Material to process below:
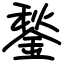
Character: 鍫
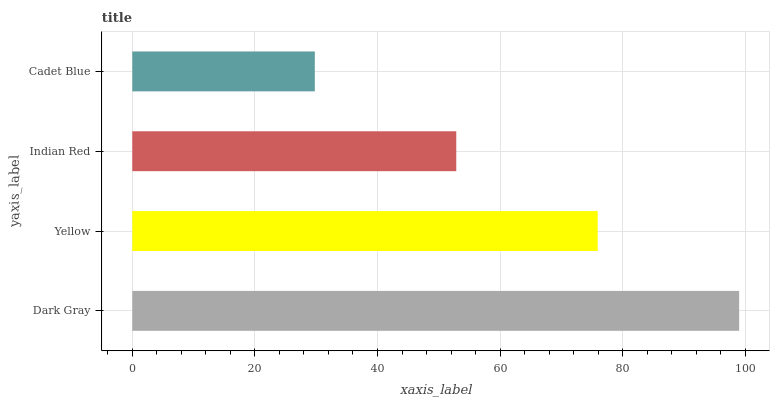
| yaxis_label | bars |
 | --- | --- |
 | Dark Gray | 99 |
 | Yellow | 75.9 |
 | Indian Red | 52.9 |
 | Cadet Blue | 29.8 |
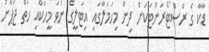
ޑާކާ ގެ ރެސްޓޯރަންޓަކަށް ދިން މިހަމަލާގައި އިޓަލީގެ ނުވަ މީހަކާއި ހަތް ޖަޕާނު
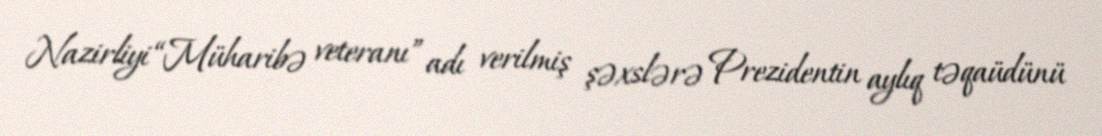
Nazirliyi “Müharibə veteranı” adı verilmiş şəxslərə Prezidentin aylıq təqaüdünü
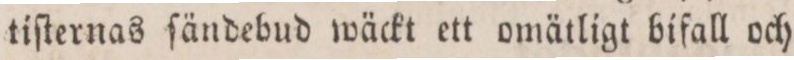
tiſternas ſändebud wäckt ett omätligt bifall och
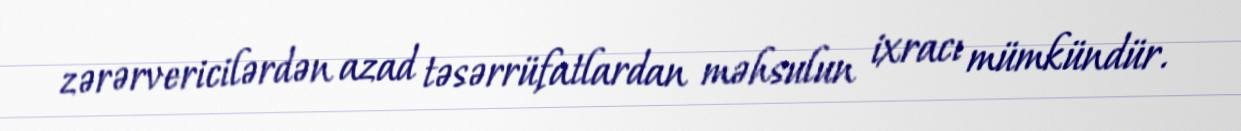
zərərvericilərdən azad təsərrüfatlardan məhsulun ixracı mümkündür.
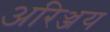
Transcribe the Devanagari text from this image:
अरिञ्जय
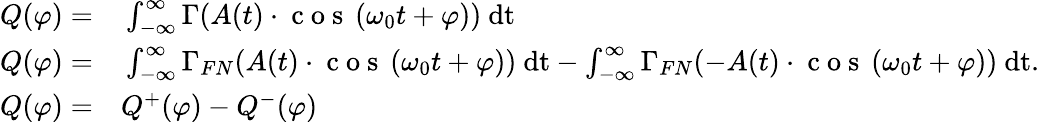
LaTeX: \begin{array}{rl}{Q(\varphi)=}&{{}\int_{-\infty}^{\infty}\Gamma(A(t)\cdot\mathrm{~c~o~s~}\left(\omega_{0}t+\varphi\right))~\mathrm{dt}}\\ {Q(\varphi)=}&{{}\int_{-\infty}^{\infty}\Gamma_{FN}(A(t)\cdot\mathrm{~c~o~s~}\left(\omega_{0}t+\varphi\right))~\mathrm{dt}-\int_{-\infty}^{\infty}\Gamma_{FN}(-A(t)\cdot\mathrm{~c~o~s~}\left(\omega_{0}t+\varphi\right))~\mathrm{dt}.}\\ {Q(\varphi)=}&{{}Q^{+}(\varphi)-Q^{-}(\varphi)}\end{array}
End of Material to process.
▶ **Your instructions**
Leave out each picture and extract the lines from the one containing "Transcribe the Devanagari" through the end of the records above, inclusive, exactly as they stand.

▶ **The answer**
Transcribe the Devanagari text from this image:
अरिञ्जय
LaTeX: \begin{array}{rl}{Q(\varphi)=}&{{}\int_{-\infty}^{\infty}\Gamma(A(t)\cdot\mathrm{~c~o~s~}\left(\omega_{0}t+\varphi\right))~\mathrm{dt}}\\ {Q(\varphi)=}&{{}\int_{-\infty}^{\infty}\Gamma_{FN}(A(t)\cdot\mathrm{~c~o~s~}\left(\omega_{0}t+\varphi\right))~\mathrm{dt}-\int_{-\infty}^{\infty}\Gamma_{FN}(-A(t)\cdot\mathrm{~c~o~s~}\left(\omega_{0}t+\varphi\right))~\mathrm{dt}.}\\ {Q(\varphi)=}&{{}Q^{+}(\varphi)-Q^{-}(\varphi)}\end{array}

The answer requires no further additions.